## [DATA FOR ANALYSIS]
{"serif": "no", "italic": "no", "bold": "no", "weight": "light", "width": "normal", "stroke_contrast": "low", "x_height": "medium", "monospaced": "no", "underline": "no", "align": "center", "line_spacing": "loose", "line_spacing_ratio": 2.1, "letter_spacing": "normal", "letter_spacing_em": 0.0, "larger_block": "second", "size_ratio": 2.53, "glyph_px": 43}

* * *

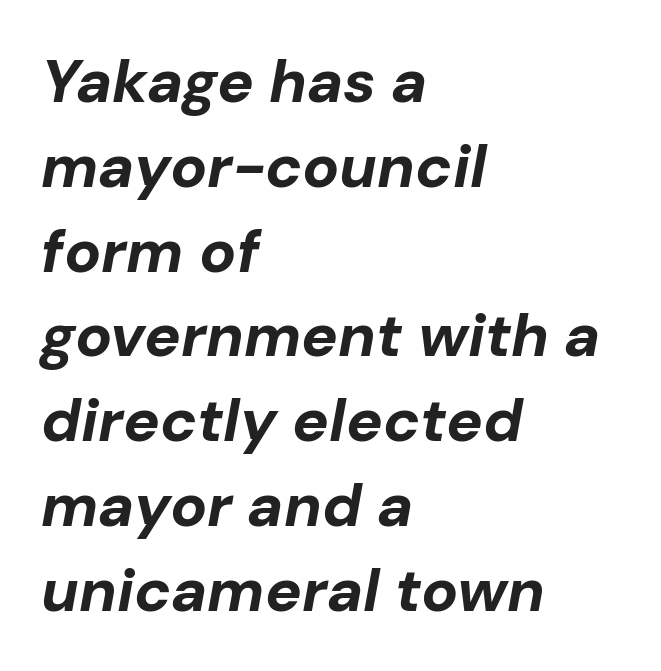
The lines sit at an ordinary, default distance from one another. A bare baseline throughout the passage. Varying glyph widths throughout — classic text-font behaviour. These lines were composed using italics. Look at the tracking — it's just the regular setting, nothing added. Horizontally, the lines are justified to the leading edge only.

* * *

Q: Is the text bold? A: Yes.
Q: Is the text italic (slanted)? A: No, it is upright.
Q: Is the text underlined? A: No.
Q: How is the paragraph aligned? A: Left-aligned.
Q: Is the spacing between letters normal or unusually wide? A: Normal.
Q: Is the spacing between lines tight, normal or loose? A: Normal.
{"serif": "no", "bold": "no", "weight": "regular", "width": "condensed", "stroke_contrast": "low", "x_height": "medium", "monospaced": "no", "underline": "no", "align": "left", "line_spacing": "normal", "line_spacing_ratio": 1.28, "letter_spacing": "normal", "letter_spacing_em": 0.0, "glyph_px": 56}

## [EXERCISE]
Among the entries above, how many lines include "serif"? State the number and nothing else.

## [TASK ANSWER]
2